As soon as one of the actors in the event pipeline fails to be transparent, the whole event is jeopardized.

This could be the planner, the venue, the catering, the decor, the event technology company, the AV, the DMC, or even the entertainer. No finger-pointing here.

Sensitivity and lack of budget will combine into the motto: ‘You know what? I’ll do this event online and save me some budget.’



Despite the many attempts from event technology companies to make things more tangible, a sizable portion of the industry relies on feedback such as ‘it was a great event!’ to decide whether a project was successful or not.

This strategy may work in times of prosperity, such as until January 2020. Those times are now gone.

Virtual is ironically creating an incredible layer of tangibility to event accountability. You can count on analytics for everything. They are built-in by default.

Event owners are starting to realize the power of virtual events because, in some cases for the first time, they’ll know what the heck is happening during the event.

It will be tough to justify those amazing mini-burgers or the converted espresso truck if you are not able to show how many leads they bring in or how they impact the overall experience of the attendees, and in turn, how that improved experience contributes to the bottom line.

Once things go back to normal, expect many, many questions about how you’re substantiating your investments to come your way — and not necessarily for a lack of budget, but rather for the willingness to compare apples with apples.

Virtual events will be compared to live events.



One benefit of virtual events is accessibility at scale. Never in the history of the world have so many people been able to attend so many events. Travel barriers have been slashed.

Events have had the biggest opportunity to showcase their value. Whether it is the content of a conference or the drinks of a digital happy hour, everybody is appreciating how impactful events can be.

Events have never been so inclusive, and smart event owners understand the power it brings.

There is no way we are going to an event industry that is 100% offline. The event of the future will be hybrid by definition. Face-to-face events will have a virtual component.

The power of inclusion is one of revenue. Event owners will require a virtual addition to the event because they will appreciate the revenue potential after running virtual events for many months.


What About Trade Shows?

There is a valid argument right now that some types of events, such as trade shows are underserved by virtual events.

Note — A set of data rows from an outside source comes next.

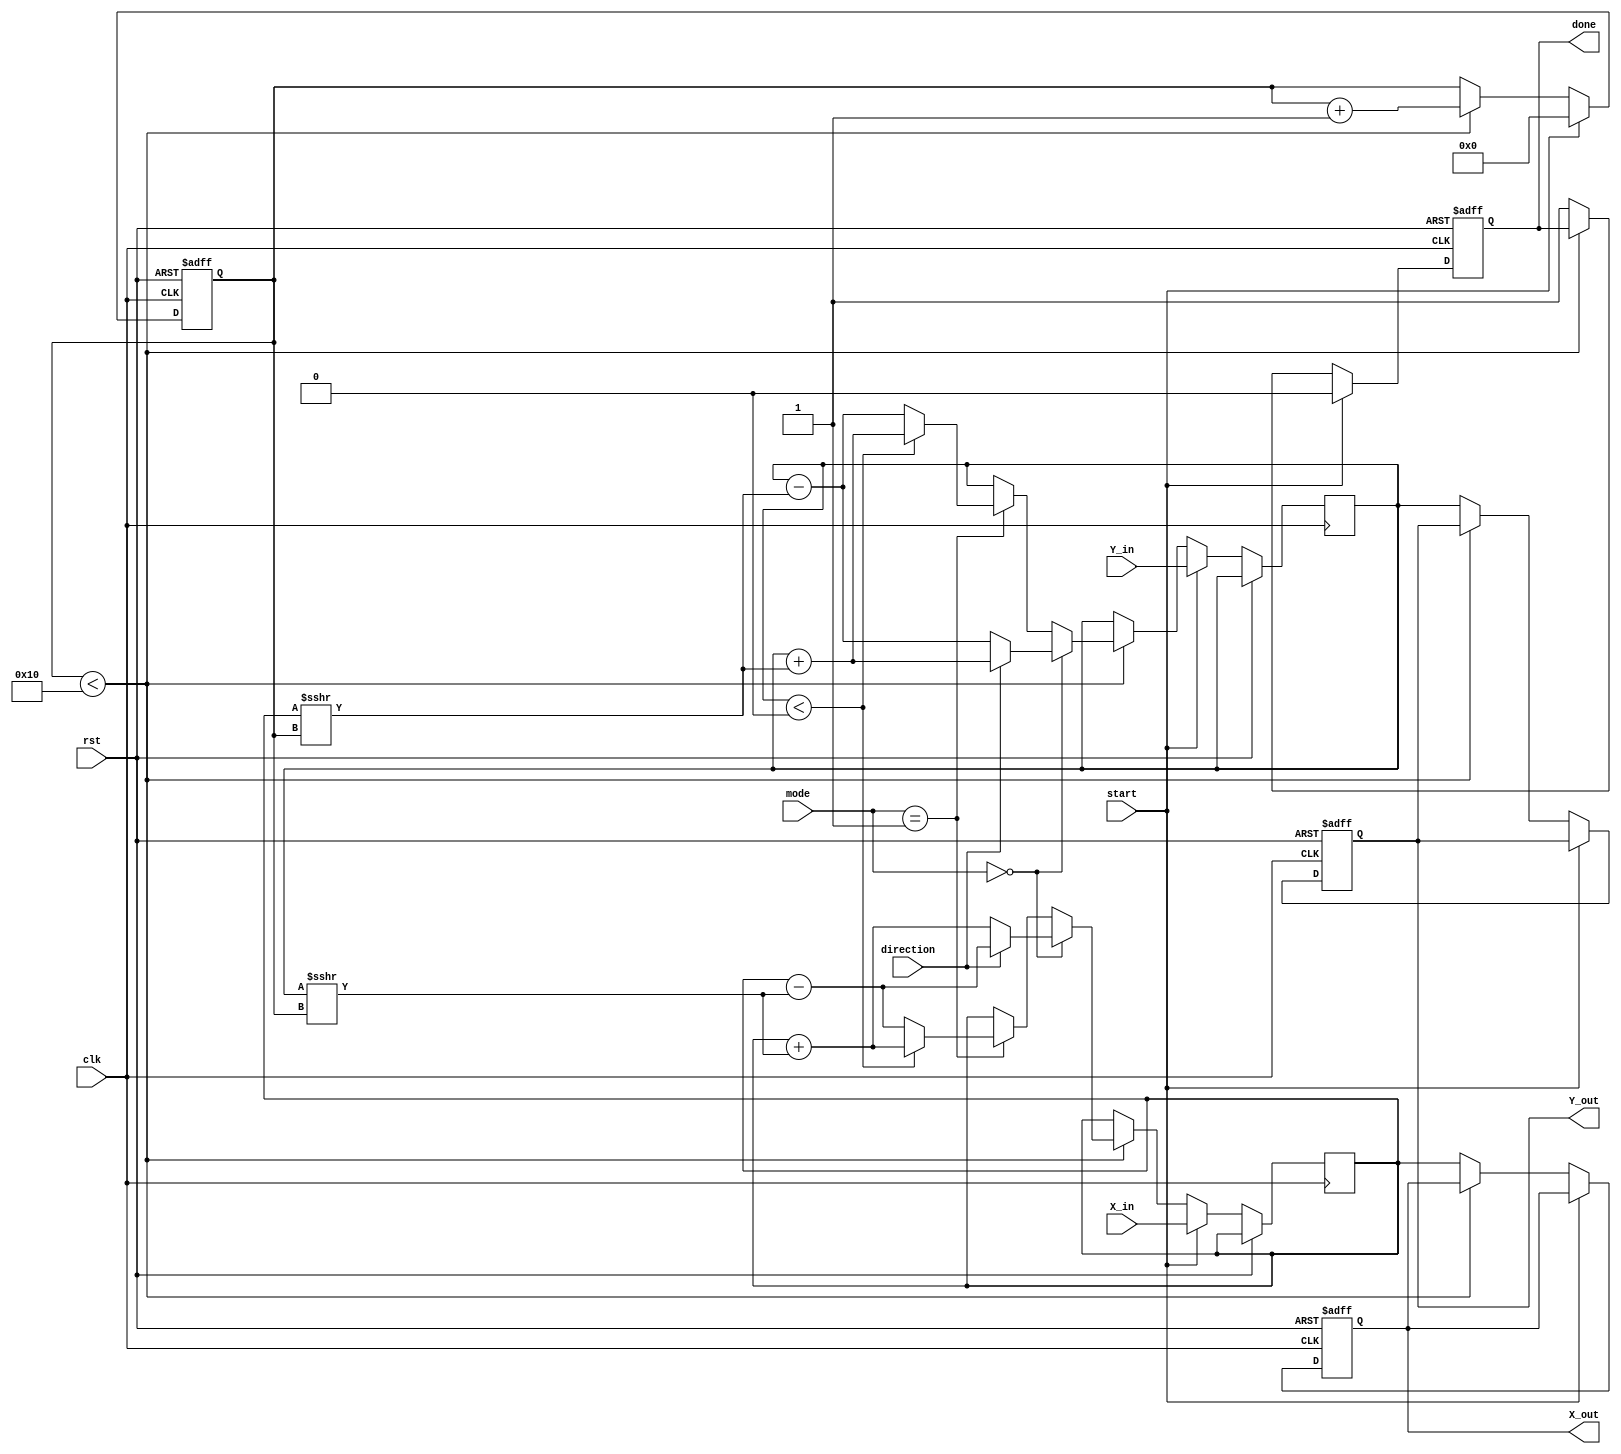
module cordic #(
    parameter DATA_WIDTH = 16,     // Data width for inputs and outputs
    parameter NUM_ITERATIONS = 16   // Number of CORDIC iterations
)(
    input wire clk,                 // Clock signal
    input wire rst,                 // Reset signal
    input wire [DATA_WIDTH-1:0] X_in,  // Input X coordinate
    input wire [DATA_WIDTH-1:0] Y_in,  // Input Y coordinate
    input wire [1:0] mode,          // Operation mode (00: rotation, 01: vectoring)
    input wire direction,            // Rotation direction (0: clockwise, 1: counter-clockwise)
    input wire start,                // Start signal
    output reg [DATA_WIDTH-1:0] X_out, // Output X coordinate
    output reg [DATA_WIDTH-1:0] Y_out, // Output Y coordinate
    output reg done                 // Completion signal
);

    // Pre-computed angle lookup table (arctan values in fixed-point format)
    reg [DATA_WIDTH-1:0] atan_table [0:NUM_ITERATIONS-1];

    initial begin
        // Initialize the atan_table with pre-computed values
        // In a real implementation, these values would need to be calculated.
        atan_table[0] = 16'h2000; // atan(2^-0)
        atan_table[1] = 16'h1400; // atan(2^-1)
        atan_table[2] = 16'h0A00; // atan(2^-2)
        atan_table[3] = 16'h0500; // atan(2^-3)
        atan_table[4] = 16'h0280; // atan(2^-4)
        // Fill in the rest of the table...
    end

    // Registers for iterative computation
    reg [DATA_WIDTH-1:0] x_reg;
    reg [DATA_WIDTH-1:0] y_reg;
    reg [4:0] iteration_count; // To keep track of iterations

    always @(posedge clk or posedge rst) begin
        if (rst) begin
            // Reset output and internal registers
            X_out <= 0;
            Y_out <= 0;
            done <= 0;
            iteration_count <= 0;
        end else if (start) begin
            // Initialize registers at start
            x_reg <= X_in;
            y_reg <= Y_in;
            iteration_count <= 0;
            done <= 0;
        end else if (iteration_count < NUM_ITERATIONS) begin
            // Perform CORDIC iteration
            if (mode == 2'b00) begin // Rotation mode
                if (direction) begin // Counter-clockwise
                    x_reg <= x_reg - (y_reg >>> iteration_count);
                    y_reg <= y_reg + (x_reg >>> iteration_count);
                end else begin // Clockwise
                    x_reg <= x_reg + (y_reg >>> iteration_count);
                    y_reg <= y_reg - (x_reg >>> iteration_count);
                end
            end else if (mode == 2'b01) begin // Vectoring mode
                if (y_reg < 0) begin // If y is negative
                    x_reg <= x_reg + (y_reg >>> iteration_count);
                    y_reg <= y_reg + (x_reg >>> iteration_count);
                end else begin
                    x_reg <= x_reg - (y_reg >>> iteration_count);
                    y_reg <= y_reg - (x_reg >>> iteration_count);
                end
            end

            // Increment iteration count
            iteration_count <= iteration_count + 1;
        end else begin // Completed all iterations
            X_out <= x_reg; // Output X
            Y_out <= y_reg; // Output Y
            done <= 1;      // Indicate completion
        end
    end
    
endmodule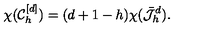
\chi ( \mathcal { C } _ { h } ^ { [ d ] } ) = ( d + 1 - h ) \chi ( \bar { \mathcal { J } } _ { h } ^ { d } ) .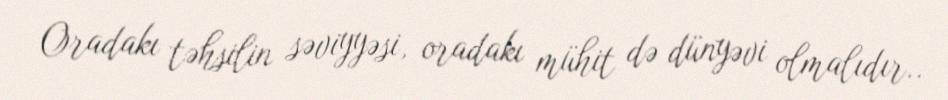
Oradakı təhsilin səviyyəsi, oradakı mühit də dünyəvi olmalıdır..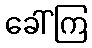
ခေါ်ကြ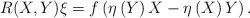
LaTeX: \begin{align*}R(X,Y)\xi=f\left(\eta \left(Y\right)X-\eta \left(X\right)Y\right).\end{align*}

There are two ways to view this issue:

  • Pessimistically: the coronavirus jeopardizes the very existence of trade shows. (Frankly, this seems too far out and unrealistic.)
  • Optimistically: trade shows will soon be served by better virtual tools. Once we enter the realm of good virtual trade shows, the same pattern will apply to the future of exhibitions.

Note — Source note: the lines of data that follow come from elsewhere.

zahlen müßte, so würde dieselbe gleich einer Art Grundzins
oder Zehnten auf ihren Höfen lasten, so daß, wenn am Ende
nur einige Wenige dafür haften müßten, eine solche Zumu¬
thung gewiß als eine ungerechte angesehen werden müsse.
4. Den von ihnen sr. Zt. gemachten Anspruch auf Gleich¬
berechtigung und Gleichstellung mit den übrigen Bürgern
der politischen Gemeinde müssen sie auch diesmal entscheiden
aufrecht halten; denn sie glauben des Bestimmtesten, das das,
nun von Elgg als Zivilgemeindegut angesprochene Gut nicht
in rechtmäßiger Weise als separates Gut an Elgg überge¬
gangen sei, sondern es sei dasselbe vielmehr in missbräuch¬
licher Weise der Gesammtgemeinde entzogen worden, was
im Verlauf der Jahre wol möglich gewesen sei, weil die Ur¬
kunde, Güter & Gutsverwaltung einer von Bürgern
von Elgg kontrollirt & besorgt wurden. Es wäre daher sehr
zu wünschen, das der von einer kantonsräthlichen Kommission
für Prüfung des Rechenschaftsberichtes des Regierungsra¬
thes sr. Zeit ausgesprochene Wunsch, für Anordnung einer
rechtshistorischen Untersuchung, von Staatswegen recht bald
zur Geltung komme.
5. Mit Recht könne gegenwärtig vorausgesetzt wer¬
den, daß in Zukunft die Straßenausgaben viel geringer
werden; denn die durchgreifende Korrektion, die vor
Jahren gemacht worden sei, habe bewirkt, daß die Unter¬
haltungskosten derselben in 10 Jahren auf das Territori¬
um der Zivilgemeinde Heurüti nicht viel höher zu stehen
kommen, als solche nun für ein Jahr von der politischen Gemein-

Trade show owners will be under increased pressure to deliver value to exhibitors. Transparency, accountability, and inclusion will be sought after like never before. It will be the most significant challenge this sector will ever have to face.

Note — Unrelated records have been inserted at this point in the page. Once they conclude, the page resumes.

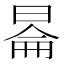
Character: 𬀿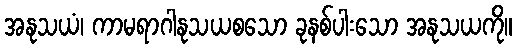
အနုသယံ၊ ကာမရာဂါနုသယစသော ခုနစ်ပါးသော အနုသယကို။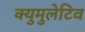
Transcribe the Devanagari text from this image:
क्युमुलेटिव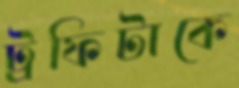
ট্রফিটাকে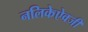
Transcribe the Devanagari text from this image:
नलिकेऐवजी

Virtual events, combined with some of the worst economic indicators in the past hundred years will transform the way companies look at events.

Efficiency, transparency, accountability, inclusion. Event owners in a post-Coronavirus world, will approach live meetings with a new set of tools and experience.

The change in the industry won’t be down to its players anymore. The change is happening before our eyes. Some event professionals will thrive in it, some won’t be able to deal with it.

Exciting? Scary? That’s for you to decide.